Let’s find ways to make your CX professionals more successful. Firstly, jettison the weight of the past. Let’s look at six common CX fallacies from the service economy that we continue to pursue:

ROI and Time Value of Money as vital economic measurements.

ROI is a hangover from the Industrial Economy and Time Value of Money from the Service Economy. Both are still useful but tragically over-rated because they are so poor at dealing with As-A-Service models and how consumers actually value experience.

The most crucial metric in the Experience Economy is The Money Value of Time. A concept introduced by Pine and Gilmore in their book, The Experience Economy.

Experience is measured in transactions.

Experience is not measured in single transactions but cumulative moments over time. This is why NPS and CSAT surveys fall short as an experience indicator. Quite frankly, what does your NPS score tell you?

Surveys are an accurate measure of sentiment.

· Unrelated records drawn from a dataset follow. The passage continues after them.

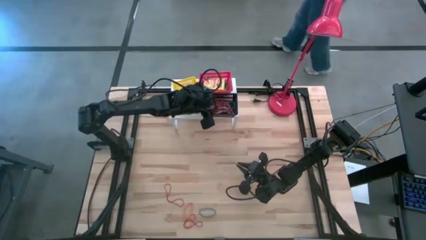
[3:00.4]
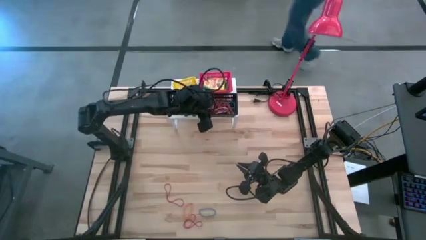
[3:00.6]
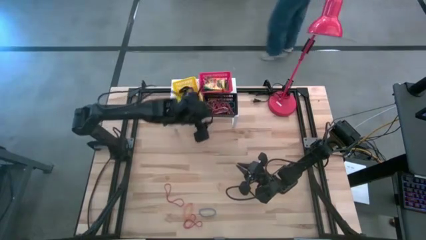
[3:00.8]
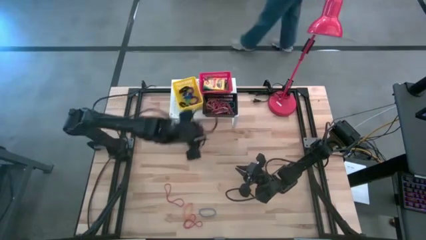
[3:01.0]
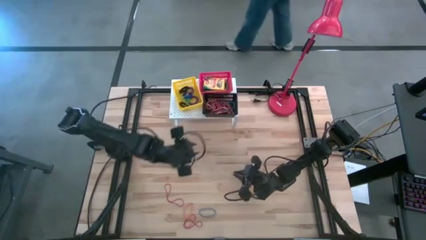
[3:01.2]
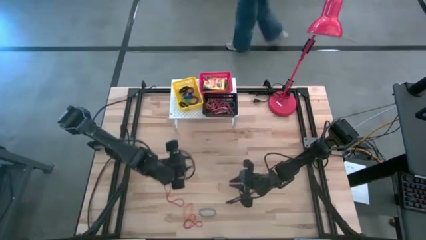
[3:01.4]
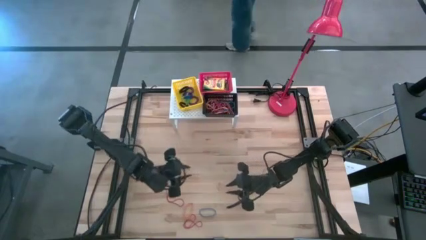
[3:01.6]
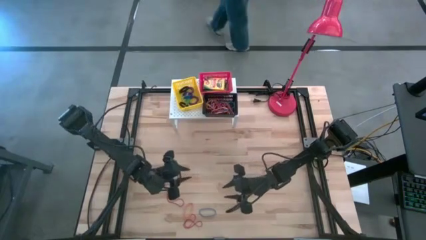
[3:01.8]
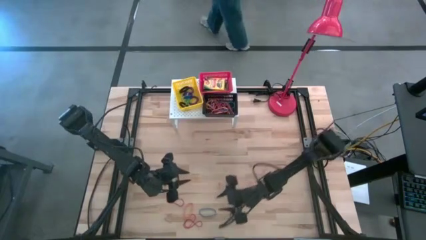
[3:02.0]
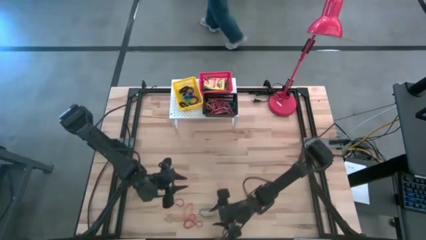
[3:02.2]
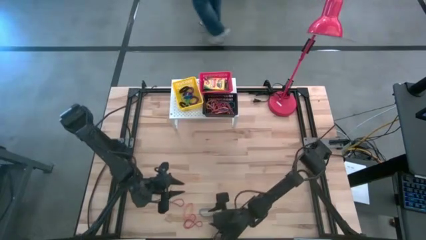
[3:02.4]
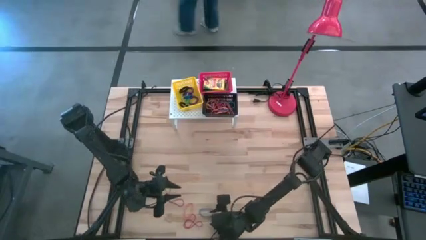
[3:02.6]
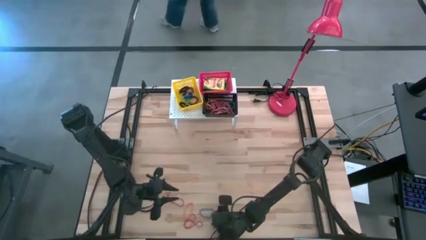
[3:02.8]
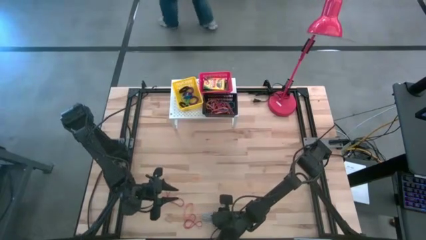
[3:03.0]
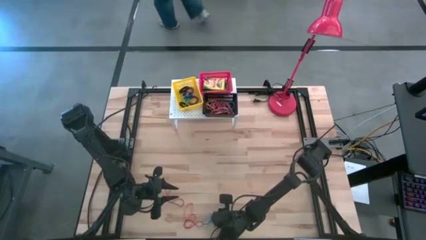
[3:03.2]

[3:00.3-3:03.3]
Put the blue rubber band into the black bin on the shelf

Most surveys are poorly constructed, unscientifically fabricated, with questionable reporting accuracy. A survey is only helpful if it is anchored in separate sources of empirical data. In a recent survey by XLA Collab of 250 enterprises, 88% used Customer Satisfaction surveys (CSAT) as the preferred method of gathering information. 77% found their surveys to be of little actionable use.

Customer satisfaction equals experience management.

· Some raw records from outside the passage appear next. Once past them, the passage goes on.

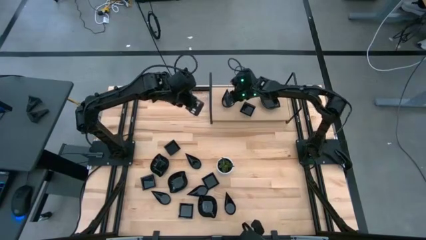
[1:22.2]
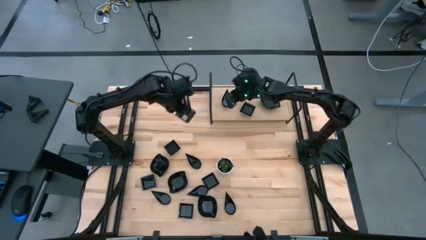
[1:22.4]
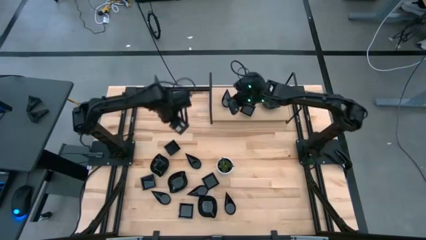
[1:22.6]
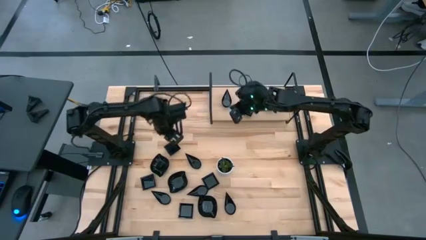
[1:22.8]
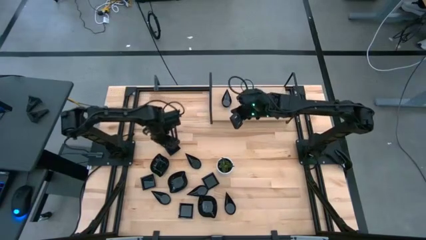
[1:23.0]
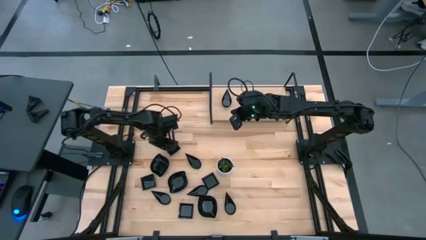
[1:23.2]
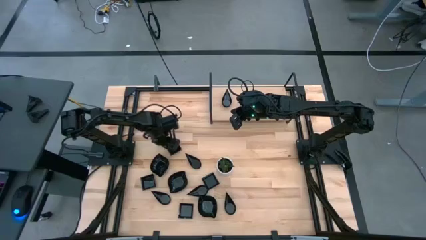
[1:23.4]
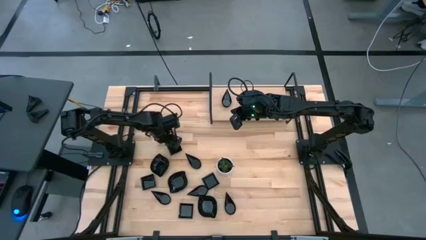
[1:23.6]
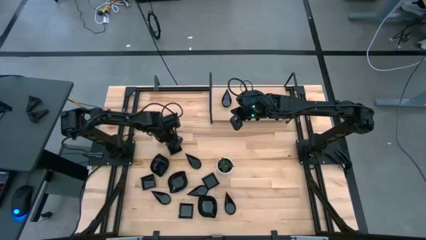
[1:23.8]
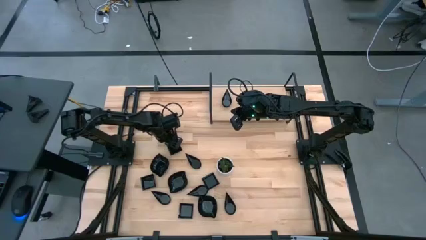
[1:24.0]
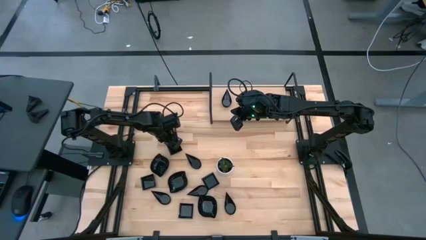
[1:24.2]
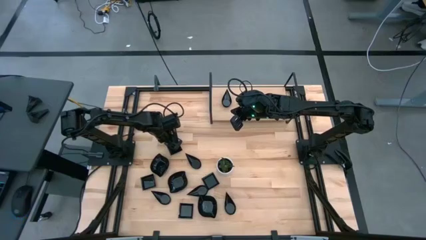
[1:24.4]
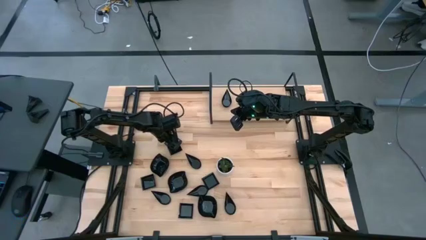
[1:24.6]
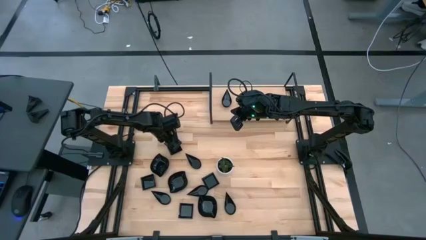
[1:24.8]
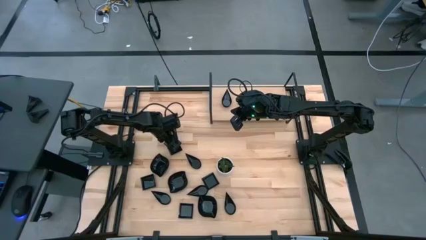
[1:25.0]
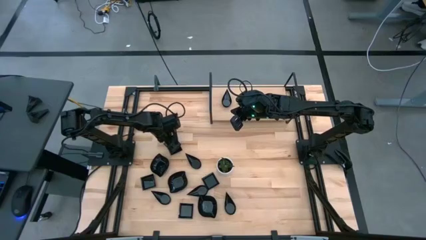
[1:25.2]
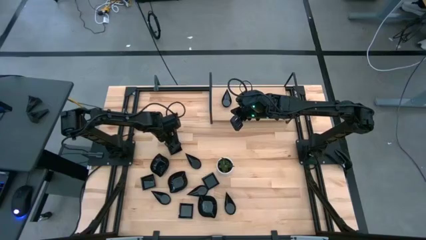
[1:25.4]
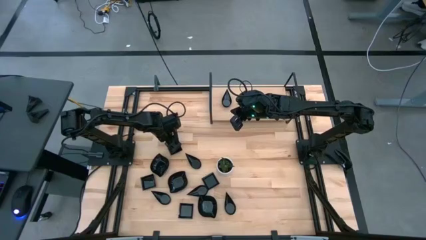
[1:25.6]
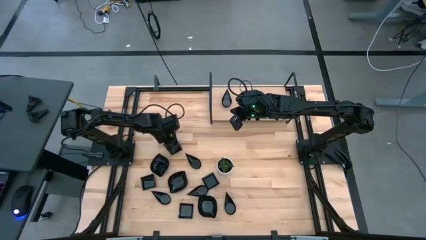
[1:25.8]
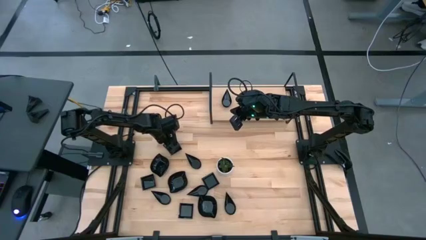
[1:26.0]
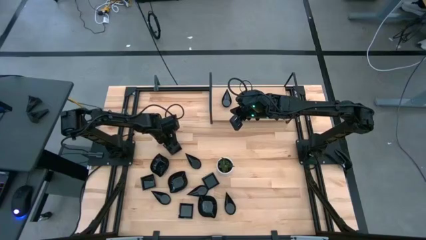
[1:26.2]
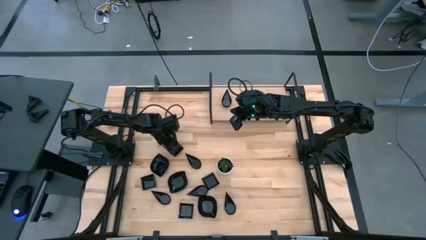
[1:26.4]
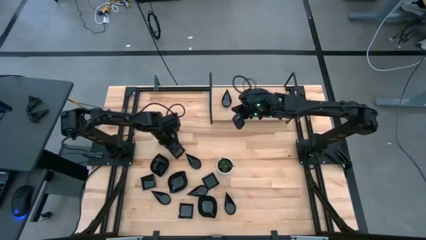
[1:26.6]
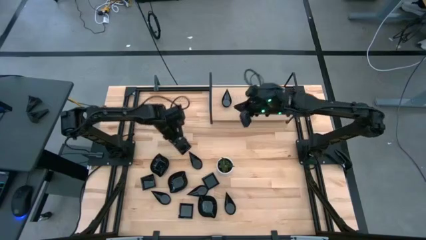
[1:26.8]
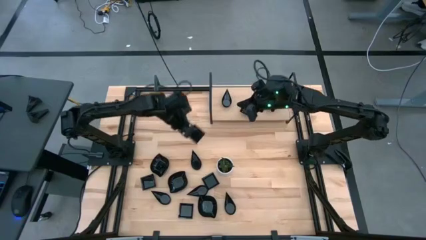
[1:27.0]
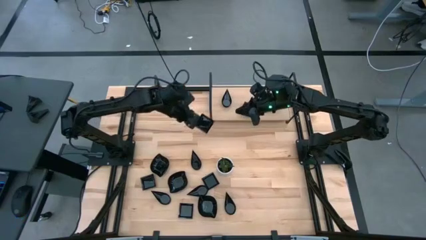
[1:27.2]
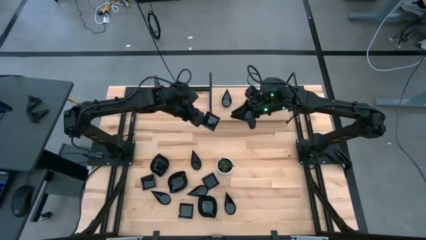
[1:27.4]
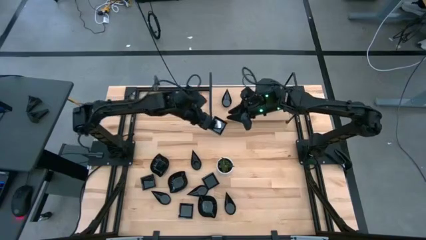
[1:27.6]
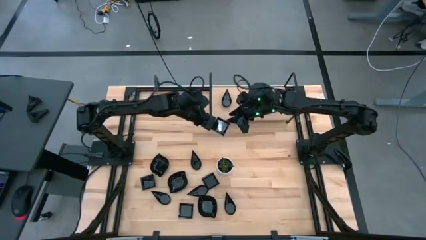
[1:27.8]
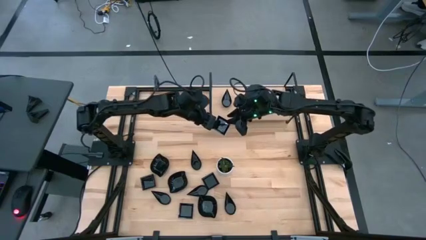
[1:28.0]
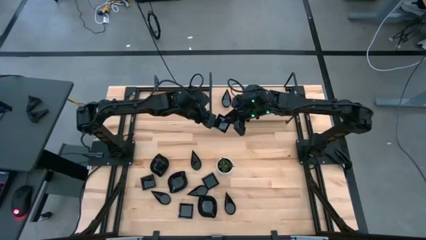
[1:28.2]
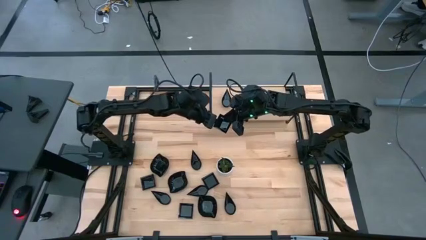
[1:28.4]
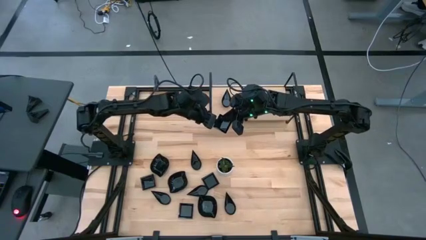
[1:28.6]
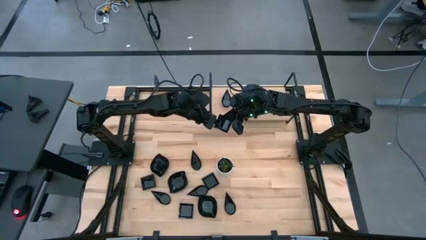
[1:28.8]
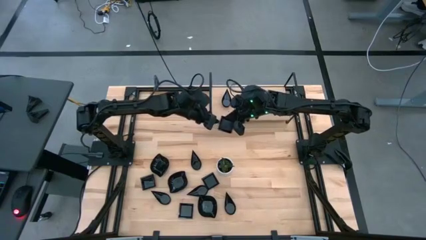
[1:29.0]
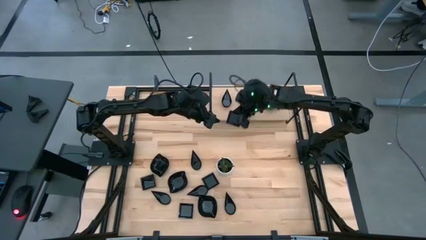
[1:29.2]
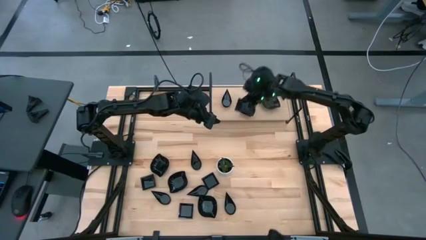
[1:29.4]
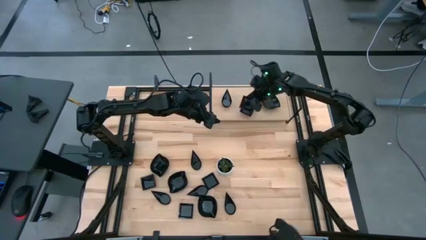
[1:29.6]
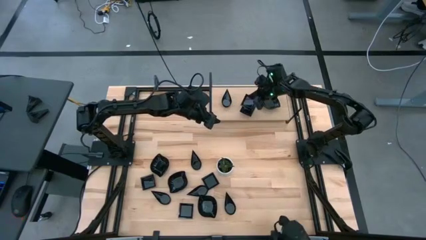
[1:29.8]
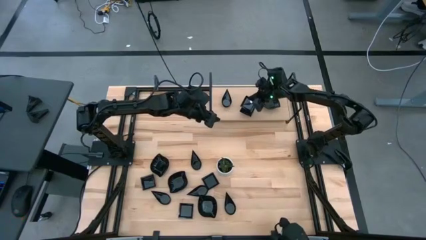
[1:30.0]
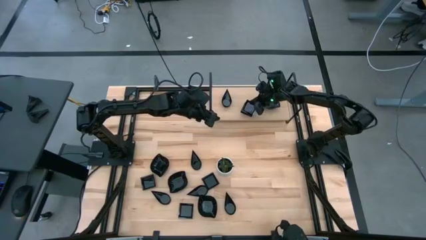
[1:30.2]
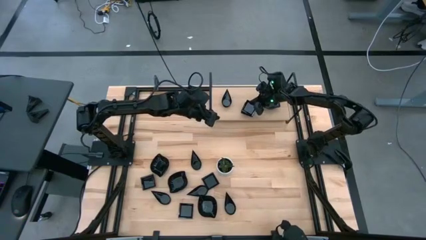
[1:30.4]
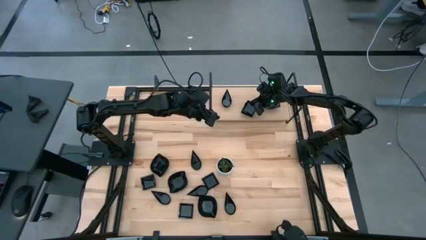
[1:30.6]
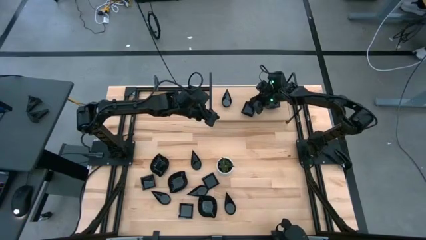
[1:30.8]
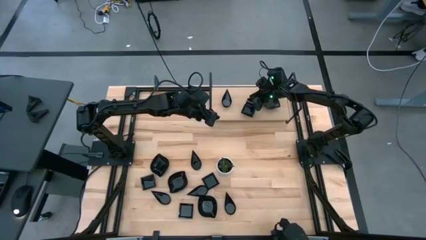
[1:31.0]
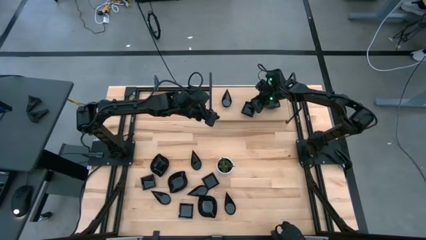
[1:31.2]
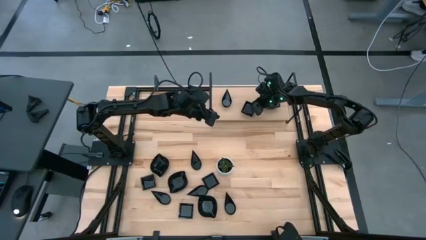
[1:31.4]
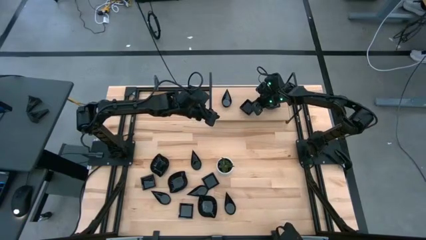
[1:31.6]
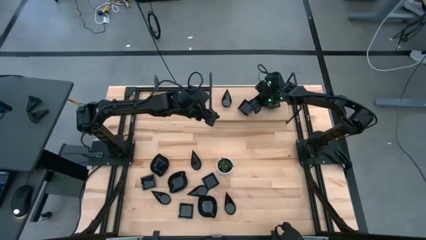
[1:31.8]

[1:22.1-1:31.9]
Task: Pick & Place Mini shaped plates
Stack the square plate on top of the square plate on the shelf

Customer Satisfaction is about the acceptance or rejection of a transaction. Did the agent solve your problem to your satisfaction? Customer experience is about how you make people feel. When they look back on their interaction, how will they remember it? Joe Pine says, “memories are the hallmark of the experience.”

Experience is a constant baseline that we improve over time.

Human beings are self-programming sensors. So, they constantly adjust their expectations and reactions. This means that a consistent level of service will generate an inconsistent set of experience results. This is even more likely over time. We refer to this as the gravity enigma. Experience is subject to the gravity of expectations and, in extension, the gravity of perceived performance.

Experience is based on psychology.

Experience in an enterprise is not about individuals; it is based on anthropology and, specifically, digital anthropology. To be crude, as an enterprise, we don’t care why Sally or Arthur feel the way they do; we care THAT they feel the way they do. We are not so concerned with Sally or Arthur, but we care about everyone, LIKE Sally and Arthur. Experience management in an enterprise is a scale business.

So what about XLAs?

The Experience Level Agreement was first invented by the Innovation Transformation Strategist Marcel Broumels in 2007. The XLA pulls together the essential layers of an experience to make it a defined and manageable proposition.

The XLA starts with the experience that an enterprise wishes to stage. This could be a car showroom experience, a service-desk interaction, an onboarding process, or even the experience of patients and staff in an emergency room. We then disassemble the staged experience into sentiment aspects, experience indicators, service components, and key performance indicators.

The XLA, or XLA stack, enables us to define, measure, monitor, guarantee and improve the experience. Here is an example of an XLA stack for an IT care work supporting employees (a call center agent or a service-desk team member)

The XLA is an essential component of your experience management strategy because:

  1. It focuses on how people experience outcomes.
  2. It links the experience to the business economic value
  3. It uses empirical experience indicators to gather and validate the sentiment
  4. It focuses on doing what matters rather than doing what is expected or contracted
  5. The XLA considers the context of human wants and needs
  6. The XLA builds on operational data in SLAs and KPIs
  7. An XLA is built to deal with the gravity enigma of expectations and performance.

Success in the experience economy means a relentless focus on the economic value of an employee, supplier, and customer experience.

To achieve that, we must combine CX, UX, BX, and EX talent. We need to build on what we know, evolve beyond what worked in the service economy, and consider XLAs an essential linking pin in our toolkit to achieve integrated experience management across the enterprise.